[Stored items]
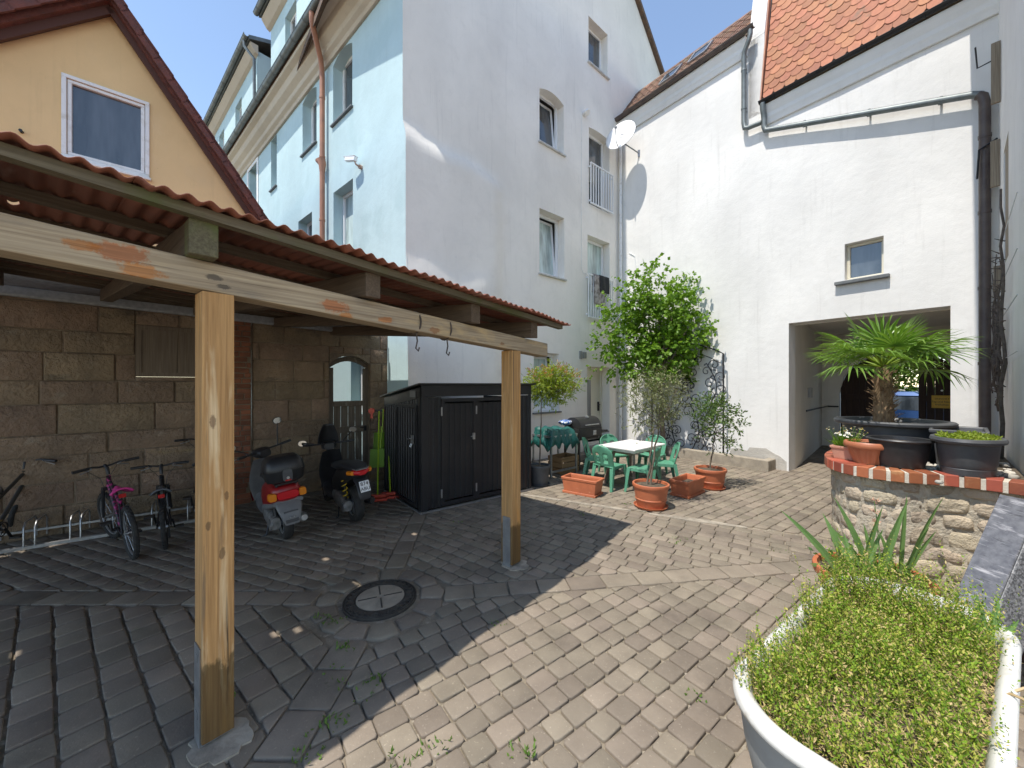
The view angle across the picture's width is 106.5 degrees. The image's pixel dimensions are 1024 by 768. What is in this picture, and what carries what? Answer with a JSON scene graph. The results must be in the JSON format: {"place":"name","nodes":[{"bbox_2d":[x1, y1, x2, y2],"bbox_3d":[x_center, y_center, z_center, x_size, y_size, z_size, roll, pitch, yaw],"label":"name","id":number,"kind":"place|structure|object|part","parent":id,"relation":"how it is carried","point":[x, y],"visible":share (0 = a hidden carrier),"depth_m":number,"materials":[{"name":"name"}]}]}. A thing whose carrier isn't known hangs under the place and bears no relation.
{"place":"outdoors","nodes":[
{"label":"outdoors","id":0,"kind":"place"},
{"bbox_2d":[0,386,1023,767],"bbox_3d":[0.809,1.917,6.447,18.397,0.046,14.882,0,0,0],"label":"paving","id":1,"kind":"structure","parent":0,"point":[68,581],"depth_m":2.95,"materials":[{"name":"grey stone"}]},
{"bbox_2d":[0,458,57,538],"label":"bicycle","id":2,"kind":"object","parent":1,"relation":"on","point":[11,516],"visible":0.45,"depth_m":4.51,"materials":[{"name":"metal"}]},
{"bbox_2d":[0,495,194,553],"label":"bicycle rack","id":3,"kind":"object","parent":1,"relation":"on","point":[36,529],"visible":0.61,"depth_m":4.67,"materials":[{"name":"metal"}]},
{"bbox_2d":[71,456,141,559],"bbox_3d":[-4.551,1.414,4.403,1.555,0.983,0.570,0,5,35],"label":"bicycle","id":4,"kind":"object","parent":1,"relation":"on","point":[121,513],"visible":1,"depth_m":4.31,"materials":[{"name":"metal"}]},
{"bbox_2d":[0,0,267,544],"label":"gabled house","id":5,"kind":"structure","parent":1,"relation":"on","point":[95,83],"depth_m":5.05,"materials":[{"name":"stone"}]},
{"bbox_2d":[67,79,144,173],"bbox_3d":[-5.409,-3.405,5.120,0.714,0.964,0.065,0,0,-41],"label":"window","id":6,"kind":"structure","parent":5,"relation":"in","point":[104,127],"depth_m":5.10,"materials":[{"name":"white paint"}]},
{"bbox_2d":[135,325,194,376],"bbox_3d":[-4.973,-0.460,5.518,0.654,0.714,0.090,0,0,-41],"label":"boarded window","id":7,"kind":"structure","parent":5,"relation":"in","point":[159,351],"depth_m":5.47,"materials":[{"name":"brown wood"}]},
{"bbox_2d":[130,460,188,549],"bbox_3d":[-4.294,1.455,4.759,1.323,0.899,0.519,0,0,31],"label":"bicycle","id":8,"kind":"object","parent":1,"relation":"on","point":[162,491],"visible":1,"depth_m":4.59,"materials":[{"name":"metal"}]},
{"bbox_2d":[174,438,194,511],"bbox_3d":[-4.266,1.328,5.149,0.563,1.150,1.642,0,0,-24],"label":"bicycle","id":9,"kind":"object","parent":1,"relation":"on","point":[187,497],"visible":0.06,"depth_m":5.19,"materials":[{"name":"metal"}]},
{"bbox_2d":[234,417,307,538],"bbox_3d":[-3.218,1.204,5.044,0.794,1.411,1.912,-7,5,-43],"label":"motor scooter","id":10,"kind":"object","parent":1,"relation":"on","point":[277,489],"visible":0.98,"depth_m":4.50,"materials":[{"name":"plastic"}]},
{"bbox_2d":[0,131,570,748],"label":"carport","id":11,"kind":"object","parent":1,"relation":"on","point":[78,229],"visible":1,"depth_m":2.07,"materials":[{"name":"brown wood"}]},
{"bbox_2d":[251,323,387,501],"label":"garden wall","id":12,"kind":"structure","parent":1,"relation":"on","point":[301,389],"depth_m":6.74,"materials":[{"name":"stone"}]},
{"bbox_2d":[329,356,367,477],"bbox_3d":[-3.079,0.680,7.210,0.730,2.400,0.119,0,0,-41],"label":"garden door","id":13,"kind":"structure","parent":12,"relation":"in","point":[348,376],"depth_m":7.25,"materials":[{"name":"grey wood"}]},
{"bbox_2d":[368,408,382,417],"bbox_3d":[-2.446,0.543,7.122,0.480,0.194,0.080,0,0,-6],"label":"broom holder","id":14,"kind":"object","parent":12,"relation":"attached to","point":[371,411],"visible":0.52,"depth_m":7.07,"materials":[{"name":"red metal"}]},
{"bbox_2d":[373,409,383,448],"bbox_3d":[-2.353,0.819,6.967,0.346,0.722,0.171,0,0,-29],"label":"dustpan","id":15,"kind":"object","parent":14,"relation":"hanging from","point":[375,443],"visible":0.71,"depth_m":6.95,"materials":[{"name":"green plastic"}]},
{"bbox_2d":[369,426,383,467],"bbox_3d":[-2.335,1.119,6.787,0.380,0.722,0.171,0,0,-20],"label":"dustpan","id":16,"kind":"object","parent":12,"relation":"hanging from","point":[373,458],"visible":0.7,"depth_m":6.78,"materials":[{"name":"green plastic"}]},
{"bbox_2d":[298,424,374,520],"bbox_3d":[-2.544,1.261,5.673,0.846,1.289,2.026,-8,5,-41],"label":"motor scooter","id":17,"kind":"object","parent":1,"relation":"on","point":[340,478],"visible":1,"depth_m":5.34,"materials":[{"name":"plastic"}]},
{"bbox_2d":[371,411,386,501],"bbox_3d":[-2.307,1.195,6.596,0.294,1.403,0.908,0,0,-18],"label":"broom","id":18,"kind":"object","parent":1,"relation":"on","point":[380,497],"visible":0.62,"depth_m":6.31,"materials":[{"name":"green plastic"}]},
{"bbox_2d":[342,579,416,621],"bbox_3d":[-1.170,1.908,3.400,0.624,0.044,0.624,0,0,0],"label":"manhole cover","id":19,"kind":"object","parent":1,"relation":"on","point":[379,600],"visible":1,"depth_m":3.34,"materials":[{"name":"metal"}]},
{"bbox_2d":[381,456,398,498],"bbox_3d":[-2.143,1.185,6.724,0.294,1.422,0.882,0,0,-18],"label":"broom","id":20,"kind":"object","parent":1,"relation":"on","point":[391,494],"visible":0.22,"depth_m":6.34,"materials":[{"name":"green plastic"}]},
{"bbox_2d":[203,0,664,460],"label":"apartment house","id":21,"kind":"structure","parent":1,"relation":"on","point":[471,135],"depth_m":9.33,"materials":[{"name":"white paint"}]},
{"bbox_2d":[300,99,316,157],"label":"window","id":22,"kind":"structure","parent":21,"relation":"in","point":[314,109],"depth_m":10.61,"materials":[{"name":"white plastic"}]},
{"bbox_2d":[307,221,311,235],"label":"window","id":23,"kind":"structure","parent":21,"relation":"in","point":[309,226],"depth_m":10.84,"materials":[{"name":"white plastic"}]},
{"bbox_2d":[330,56,352,127],"bbox_3d":[-3.884,-7.013,9.007,0.482,1.609,1.110,0,0,-41],"label":"window","id":24,"kind":"structure","parent":21,"relation":"in","point":[347,74],"depth_m":9.26,"materials":[{"name":"white paint"}]},
{"bbox_2d":[343,190,352,246],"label":"window","id":25,"kind":"structure","parent":21,"relation":"in","point":[348,198],"depth_m":9.29,"materials":[{"name":"white plastic"}]},
{"bbox_2d":[343,155,362,169],"bbox_3d":[-3.443,-4.798,8.289,0.386,0.284,0.214,0,0,29],"label":"security camera","id":26,"kind":"object","parent":21,"relation":"attached to","point":[352,158],"visible":1,"depth_m":8.21,"materials":[{"name":"white plastic"}]},
{"bbox_2d":[532,354,561,413],"bbox_3d":[0.732,-0.023,9.991,1.024,1.549,0.610,0,0,-41],"label":"window","id":27,"kind":"structure","parent":21,"relation":"in","point":[537,360],"depth_m":10.14,"materials":[{"name":"grey glass"}]},
{"bbox_2d":[538,94,566,156],"bbox_3d":[0.880,-6.822,10.117,1.014,1.489,0.610,0,0,-41],"label":"window","id":28,"kind":"structure","parent":21,"relation":"in","point":[547,115],"depth_m":10.28,"materials":[{"name":"white plastic"}]},
{"bbox_2d":[538,214,566,280],"bbox_3d":[0.887,-3.598,10.123,1.034,1.679,0.610,0,0,-41],"label":"window","id":29,"kind":"structure","parent":21,"relation":"in","point":[548,227],"depth_m":10.30,"materials":[{"name":"white glass"}]},
{"bbox_2d":[587,367,601,439],"bbox_3d":[2.355,0.582,11.453,1.070,2.155,0.152,0,0,-41],"label":"door","id":30,"kind":"structure","parent":21,"relation":"in","point":[594,386],"depth_m":11.62,"materials":[{"name":"beige paint"}]},
{"bbox_2d":[588,240,602,317],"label":"window","id":31,"kind":"structure","parent":21,"relation":"in","point":[595,250],"depth_m":11.53,"materials":[{"name":"white glass"}]},
{"bbox_2d":[589,134,602,209],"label":"window","id":32,"kind":"structure","parent":21,"relation":"in","point":[595,146],"depth_m":11.56,"materials":[{"name":"white plastic"}]},
{"bbox_2d":[592,273,604,305],"bbox_3d":[2.496,-2.722,11.060,0.493,0.875,0.112,0,0,-41],"label":"towel","id":33,"kind":"object","parent":21,"relation":"hanging from","point":[599,298],"visible":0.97,"depth_m":10.96,"materials":[{"name":"white fabric"}]},
{"bbox_2d":[587,28,609,80],"bbox_3d":[2.457,-9.837,11.305,1.014,1.359,0.350,0,0,-41],"label":"window","id":34,"kind":"structure","parent":21,"relation":"in","point":[594,42],"depth_m":11.50,"materials":[{"name":"white plastic"}]},
{"bbox_2d":[599,275,609,293],"bbox_3d":[2.684,-2.907,11.195,0.433,0.505,0.112,0,0,-41],"label":"towel","id":35,"kind":"object","parent":21,"relation":"hanging from","point":[604,284],"visible":0.94,"depth_m":11.16,"materials":[{"name":"grey fabric"}]},
{"bbox_2d":[380,383,535,514],"bbox_3d":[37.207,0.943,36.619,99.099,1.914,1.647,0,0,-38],"label":"storage shed","id":36,"kind":"structure","parent":1,"relation":"on","point":[438,451],"depth_m":6.04,"materials":[{"name":"metal"}]},
{"bbox_2d":[441,398,475,505],"bbox_3d":[-0.815,1.030,5.939,0.629,1.620,0.081,0,0,-38],"label":"door","id":37,"kind":"structure","parent":36,"relation":"in","point":[458,420],"depth_m":5.96,"materials":[{"name":"metal"}]},
{"bbox_2d":[476,397,500,497],"bbox_3d":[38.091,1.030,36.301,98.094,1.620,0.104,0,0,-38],"label":"door","id":38,"kind":"structure","parent":36,"relation":"in","point":[488,414],"depth_m":6.31,"materials":[{"name":"metal"}]},
{"bbox_2d":[186,494,747,767],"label":"mortar patches","id":39,"kind":"object","parent":1,"relation":"on","point":[225,747],"visible":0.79,"depth_m":2.03,"materials":[{"name":"grey concrete"}]},
{"bbox_2d":[234,503,773,767],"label":"weeds","id":40,"kind":"object","parent":1,"relation":"on","point":[421,742],"visible":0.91,"depth_m":2.12,"materials":[{"name":"green plant"}]},
{"bbox_2d":[531,462,550,486],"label":"plant pot","id":41,"kind":"object","parent":1,"relation":"on","point":[539,475],"visible":0.88,"depth_m":7.07,"materials":[{"name":"grey plastic"}]},
{"bbox_2d":[521,358,584,465],"bbox_3d":[0.758,0.530,7.264,1.302,2.062,0.964,0,0,0],"label":"standard shrub","id":42,"kind":"object","parent":41,"relation":"in","point":[547,382],"visible":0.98,"depth_m":7.16,"materials":[{"name":"green plant"}]},
{"bbox_2d":[531,425,579,479],"bbox_3d":[0.899,1.388,8.049,0.947,1.024,0.707,0,0,-40],"label":"covered table","id":43,"kind":"object","parent":1,"relation":"on","point":[557,436],"visible":0.96,"depth_m":7.83,"materials":[{"name":"fabric"}]},
{"bbox_2d":[558,419,571,424],"bbox_3d":[1.180,0.851,8.470,0.340,0.129,0.240,0,0,-40],"label":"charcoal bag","id":44,"kind":"object","parent":43,"relation":"on","point":[564,422],"visible":1,"depth_m":8.38,"materials":[{"name":"white plastic"}]},
{"bbox_2d":[548,452,578,474],"bbox_3d":[1.120,1.720,8.280,0.560,0.360,0.400,0,0,-40],"label":"wooden crate","id":45,"kind":"object","parent":1,"relation":"on","point":[559,461],"visible":0.82,"depth_m":8.13,"materials":[{"name":"brown wood"}]},
{"bbox_2d":[561,473,604,497],"bbox_3d":[1.230,1.760,6.660,0.668,0.280,0.348,0,0,36],"label":"plant trough","id":46,"kind":"object","parent":1,"relation":"on","point":[583,485],"visible":1,"depth_m":6.55,"materials":[{"name":"ceramic"}]},
{"bbox_2d":[564,415,608,470],"bbox_3d":[1.654,1.300,8.734,1.310,1.199,0.582,0,0,-40],"label":"barbecue","id":47,"kind":"object","parent":1,"relation":"on","point":[587,427],"visible":0.67,"depth_m":8.51,"materials":[{"name":"metal"}]},
{"bbox_2d":[582,437,609,474],"bbox_3d":[1.686,1.499,7.733,0.552,0.810,0.495,0,0,21],"label":"garden chair","id":48,"kind":"object","parent":1,"relation":"on","point":[589,458],"visible":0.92,"depth_m":7.73,"materials":[{"name":"green plastic"}]},
{"bbox_2d":[591,445,628,491],"bbox_3d":[1.772,1.499,7.027,0.552,0.810,0.495,0,0,-39],"label":"garden chair","id":49,"kind":"object","parent":1,"relation":"on","point":[610,463],"visible":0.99,"depth_m":6.87,"materials":[{"name":"green plastic"}]},
{"bbox_2d":[598,434,628,475],"bbox_3d":[2.170,1.499,8.154,0.495,0.810,0.552,0,0,-17],"label":"garden chair","id":50,"kind":"object","parent":1,"relation":"on","point":[608,438],"visible":0.46,"depth_m":8.34,"materials":[{"name":"green plastic"}]},
{"bbox_2d":[600,439,664,489],"bbox_3d":[2.320,1.534,7.380,1.100,0.748,0.780,0,0,-41],"label":"garden table","id":51,"kind":"object","parent":1,"relation":"on","point":[631,448],"visible":0.81,"depth_m":7.21,"materials":[{"name":"white plastic"}]},
{"bbox_2d":[624,447,660,491],"bbox_3d":[2.347,1.499,6.756,0.552,0.810,0.495,0,0,41],"label":"garden chair","id":52,"kind":"object","parent":1,"relation":"on","point":[637,468],"visible":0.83,"depth_m":6.71,"materials":[{"name":"green plastic"}]},
{"bbox_2d":[632,478,669,510],"bbox_3d":[2.151,1.715,5.926,0.554,0.370,0.554,0,0,0],"label":"plant pot","id":53,"kind":"object","parent":1,"relation":"on","point":[652,497],"visible":0.98,"depth_m":5.75,"materials":[{"name":"ceramic"}]},
{"bbox_2d":[615,362,695,484],"bbox_3d":[2.227,0.607,6.019,1.250,1.933,0.932,0,0,0],"label":"olive tree","id":54,"kind":"object","parent":53,"relation":"on","point":[661,408],"visible":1,"depth_m":5.95,"materials":[{"name":"green plant"}]},
{"bbox_2d":[585,252,718,453],"bbox_3d":[3.911,-0.752,9.976,3.981,5.313,2.112,0,0,13],"label":"garden tree","id":55,"kind":"object","parent":1,"relation":"on","point":[649,349],"visible":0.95,"depth_m":9.70,"materials":[{"name":"green plant"}]},
{"bbox_2d":[638,435,667,475],"bbox_3d":[2.962,1.499,8.048,0.495,0.810,0.552,0,0,38],"label":"garden chair","id":56,"kind":"object","parent":1,"relation":"on","point":[661,439],"visible":0.43,"depth_m":8.08,"materials":[{"name":"green plastic"}]},
{"bbox_2d":[652,442,680,478],"bbox_3d":[2.895,1.499,7.232,0.552,0.810,0.495,0,0,12],"label":"garden chair","id":57,"kind":"object","parent":1,"relation":"on","point":[671,463],"visible":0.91,"depth_m":7.18,"materials":[{"name":"green plastic"}]},
{"bbox_2d":[669,473,705,498],"bbox_3d":[3.040,1.760,6.620,0.668,0.280,0.348,0,0,-41],"label":"plant trough","id":58,"kind":"object","parent":1,"relation":"on","point":[687,486],"visible":1,"depth_m":6.49,"materials":[{"name":"ceramic"}]},
{"bbox_2d":[694,465,726,490],"bbox_3d":[3.641,1.720,7.022,0.554,0.360,0.554,0,0,0],"label":"plant pot","id":59,"kind":"object","parent":1,"relation":"on","point":[715,478],"visible":0.88,"depth_m":6.83,"materials":[{"name":"ceramic"}]},
{"bbox_2d":[684,386,751,469],"bbox_3d":[3.818,0.803,7.070,1.171,1.558,0.856,0,0,-35],"label":"leafy shrub","id":60,"kind":"object","parent":59,"relation":"on","point":[713,409],"visible":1,"depth_m":7.00,"materials":[{"name":"green plant"}]},
{"bbox_2d":[666,445,775,471],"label":"stone kerb","id":61,"kind":"structure","parent":1,"relation":"on","point":[765,465],"depth_m":8.92,"materials":[{"name":"stone"}]},
{"bbox_2d":[614,0,998,470],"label":"gatehouse","id":62,"kind":"object","parent":1,"relation":"on","point":[795,176],"visible":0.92,"depth_m":8.22,"materials":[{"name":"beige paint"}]},
{"bbox_2d":[606,120,639,156],"bbox_3d":[3.299,-7.213,11.082,1.035,0.926,0.626,0,0,0],"label":"satellite dish","id":63,"kind":"object","parent":62,"relation":"attached to","point":[620,134],"visible":1,"depth_m":11.13,"materials":[{"name":"white metal"}]},
{"bbox_2d":[847,238,883,279],"bbox_3d":[6.882,-2.405,7.433,0.065,0.704,0.554,0,0,-36],"label":"window","id":64,"kind":"structure","parent":62,"relation":"in","point":[864,259],"depth_m":7.43,"materials":[{"name":"blue glass"}]},
{"bbox_2d":[931,390,950,408],"bbox_3d":[11.079,0.387,9.849,0.042,0.477,0.371,0,0,-36],"label":"notice sign","id":65,"kind":"object","parent":62,"relation":"attached to","point":[940,401],"visible":0.98,"depth_m":9.86,"materials":[{"name":"yellow metal"}]},
{"bbox_2d":[812,552,940,595],"bbox_3d":[2.780,1.669,2.960,0.724,0.438,0.724,0,0,0],"label":"plant pot","id":66,"kind":"object","parent":1,"relation":"on","point":[818,557],"visible":0.11,"depth_m":3.03,"materials":[{"name":"ceramic"}]},
{"bbox_2d":[782,506,882,575],"bbox_3d":[2.408,1.197,2.857,0.800,0.630,0.168,0,0,0],"label":"iris plant","id":67,"kind":"object","parent":66,"relation":"on","point":[820,548],"visible":0.52,"depth_m":2.86,"materials":[{"name":"green plant"}]},
{"bbox_2d":[834,497,907,575],"bbox_3d":[2.736,1.185,2.969,0.503,0.649,0.154,0,0,11],"label":"iris plant","id":68,"kind":"object","parent":66,"relation":"in","point":[894,531],"visible":0.55,"depth_m":2.94,"materials":[{"name":"green plant"}]},
{"bbox_2d":[869,497,880,570],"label":"dry flower stalk","id":69,"kind":"object","parent":66,"relation":"on","point":[874,509],"visible":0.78,"depth_m":2.84,"materials":[{"name":"brown plant"}]},
{"bbox_2d":[804,539,949,593],"bbox_3d":[2.758,1.447,2.947,0.755,0.368,0.770,0,0,30],"label":"plant","id":70,"kind":"object","parent":66,"relation":"in","point":[877,554],"visible":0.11,"depth_m":2.90,"materials":[{"name":"green plant"}]},
{"bbox_2d":[878,496,942,576],"bbox_3d":[3.140,1.182,2.956,0.510,0.660,0.116,0,0,0],"label":"iris plant","id":71,"kind":"object","parent":66,"relation":"on","point":[915,553],"visible":0.73,"depth_m":2.97,"materials":[{"name":"green plant"}]},
{"bbox_2d":[733,576,1021,767],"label":"bathtub","id":72,"kind":"object","parent":1,"relation":"on","point":[770,743],"visible":0.35,"depth_m":1.46,"materials":[{"name":"ceramic"}]},
{"bbox_2d":[727,523,1023,767],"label":"tub weeds","id":73,"kind":"object","parent":72,"relation":"on","point":[883,661],"visible":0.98,"depth_m":1.62,"materials":[{"name":"green plant"}]},
{"bbox_2d":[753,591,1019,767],"bbox_3d":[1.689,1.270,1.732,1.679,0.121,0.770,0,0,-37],"label":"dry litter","id":74,"kind":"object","parent":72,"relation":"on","point":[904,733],"visible":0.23,"depth_m":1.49,"materials":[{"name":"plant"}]},
{"bbox_2d":[956,594,1018,647],"bbox_3d":[2.348,1.185,1.901,0.243,0.295,0.046,0,0,11],"label":"iris plant","id":75,"kind":"object","parent":72,"relation":"in","point":[1009,628],"visible":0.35,"depth_m":1.89,"materials":[{"name":"green plant"}]},
{"bbox_2d":[982,687,1023,702],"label":"dry stalks","id":76,"kind":"object","parent":72,"relation":"on","point":[1020,689],"visible":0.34,"depth_m":1.49,"materials":[{"name":"plant"}]},
{"bbox_2d":[824,449,1023,582],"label":"raised planter","id":77,"kind":"object","parent":1,"relation":"on","point":[959,521],"visible":0.66,"depth_m":3.76,"materials":[{"name":"stone"}]},
{"bbox_2d":[829,444,852,459],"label":"plant pot","id":78,"kind":"object","parent":77,"relation":"on","point":[840,452],"visible":0.4,"depth_m":4.40,"materials":[{"name":"pink ceramic"}]},
{"bbox_2d":[826,425,867,446],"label":"daisy plant","id":79,"kind":"object","parent":78,"relation":"in","point":[838,441],"visible":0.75,"depth_m":4.43,"materials":[{"name":"white plant"}]},
{"bbox_2d":[843,439,883,464],"bbox_3d":[3.920,0.748,4.200,0.430,0.235,0.430,0,0,0],"label":"plant pot","id":80,"kind":"object","parent":77,"relation":"on","point":[863,451],"visible":0.66,"depth_m":4.11,"materials":[{"name":"ceramic"}]},
{"bbox_2d":[833,416,958,462],"bbox_3d":[4.720,0.672,4.760,1.100,0.455,1.100,0,0,0],"label":"plant pot","id":81,"kind":"object","parent":77,"relation":"on","point":[913,427],"visible":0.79,"depth_m":4.48,"materials":[{"name":"grey plastic"}]},
{"bbox_2d":[808,312,991,422],"bbox_3d":[4.661,-0.227,4.794,1.930,1.469,1.530,0,0,0],"label":"fan palm","id":82,"kind":"object","parent":81,"relation":"in","point":[884,405],"visible":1,"depth_m":4.64,"materials":[{"name":"green plant"}]},
{"bbox_2d":[866,435,935,468],"bbox_3d":[4.100,0.716,4.050,0.524,0.288,0.524,0,0,0],"label":"plant pot","id":83,"kind":"object","parent":77,"relation":"on","point":[907,452],"visible":0.96,"depth_m":3.89,"materials":[{"name":"black plastic"}]},
{"bbox_2d":[867,461,1020,483],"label":"white pebbles","id":84,"kind":"object","parent":77,"relation":"on","point":[1008,473],"visible":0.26,"depth_m":3.90,"materials":[{"name":"white stone"}]},
{"bbox_2d":[929,426,990,464],"bbox_3d":[4.860,0.685,4.160,0.667,0.410,0.417,0,0,-40],"label":"plant pot","id":85,"kind":"object","parent":77,"relation":"on","point":[983,430],"visible":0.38,"depth_m":4.11,"materials":[{"name":"grey plastic"}]},
{"bbox_2d":[929,433,1008,477],"bbox_3d":[4.430,0.689,3.720,0.690,0.352,0.497,0,0,-32],"label":"plant pot","id":86,"kind":"object","parent":77,"relation":"on","point":[971,458],"visible":0.84,"depth_m":3.54,"materials":[{"name":"grey plastic"}]},
{"bbox_2d":[934,429,1002,439],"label":"plant","id":87,"kind":"object","parent":86,"relation":"in","point":[972,435],"visible":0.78,"depth_m":3.65,"materials":[{"name":"green plant"}]},
{"bbox_2d":[953,494,1023,653],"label":"granite block","id":88,"kind":"structure","parent":1,"relation":"on","point":[997,558],"depth_m":2.42,"materials":[{"name":"grey stone"}]},
{"bbox_2d":[974,0,1023,476],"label":"side house","id":89,"kind":"structure","parent":1,"relation":"on","point":[1007,146],"depth_m":4.63,"materials":[{"name":"white paint"}]},
{"bbox_2d":[986,189,1007,458],"bbox_3d":[6.553,-0.725,5.189,1.915,3.353,0.116,0,0,-41],"label":"climbing vine","id":90,"kind":"object","parent":89,"relation":"attached to","point":[997,361],"visible":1,"depth_m":4.70,"materials":[{"name":"brown plant"}]},
{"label":"planting bed","id":91,"kind":"structure","parent":1,"relation":"on","visible":0},
{"bbox_2d":[649,344,725,451],"bbox_3d":[4.499,0.342,10.016,0.040,2.776,2.117,0,0,-36],"label":"iron trellis","id":92,"kind":"object","parent":91,"relation":"on","point":[723,391],"visible":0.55,"depth_m":9.71,"materials":[{"name":"black"}]},
{"bbox_2d":[124,0,943,386],"label":"sky","id":93,"kind":"structure","parent":0,"point":[197,40],"materials":[{"name":"blue"}]},
{"bbox_2d":[893,391,918,418],"bbox_3d":[13.146,1.080,13.135,2.120,1.660,4.400,0,0,-36],"label":"parked car","id":94,"kind":"object","parent":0,"point":[908,406],"visible":0.02,"depth_m":12.35,"materials":[{"name":"blue paint"}]},
{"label":"windows","id":95,"kind":"part","parent":94,"relation":"part of","materials":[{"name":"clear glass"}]},
{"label":"grass verge","id":96,"kind":"structure","parent":0,"visible":0},
{"bbox_2d":[880,351,918,390],"bbox_3d":[17.591,-0.850,17.901,5.144,6.147,4.609,0,0,0],"label":"street tree","id":97,"kind":"object","parent":96,"relation":"on","point":[910,387],"visible":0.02,"depth_m":17.28,"materials":[{"name":"green plant"}]}
]}

EXERCISE BRIEF:
Among the lines above, return those that contain the string "from".

EXERCISE SOLUTION:
{"bbox_2d":[373,409,383,448],"bbox_3d":[-2.353,0.819,6.967,0.346,0.722,0.171,0,0,-29],"label":"dustpan","id":15,"kind":"object","parent":14,"relation":"hanging from","point":[375,443],"visible":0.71,"depth_m":6.95,"materials":[{"name":"green plastic"}]},
{"bbox_2d":[369,426,383,467],"bbox_3d":[-2.335,1.119,6.787,0.380,0.722,0.171,0,0,-20],"label":"dustpan","id":16,"kind":"object","parent":12,"relation":"hanging from","point":[373,458],"visible":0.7,"depth_m":6.78,"materials":[{"name":"green plastic"}]},
{"bbox_2d":[592,273,604,305],"bbox_3d":[2.496,-2.722,11.060,0.493,0.875,0.112,0,0,-41],"label":"towel","id":33,"kind":"object","parent":21,"relation":"hanging from","point":[599,298],"visible":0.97,"depth_m":10.96,"materials":[{"name":"white fabric"}]},
{"bbox_2d":[599,275,609,293],"bbox_3d":[2.684,-2.907,11.195,0.433,0.505,0.112,0,0,-41],"label":"towel","id":35,"kind":"object","parent":21,"relation":"hanging from","point":[604,284],"visible":0.94,"depth_m":11.16,"materials":[{"name":"grey fabric"}]},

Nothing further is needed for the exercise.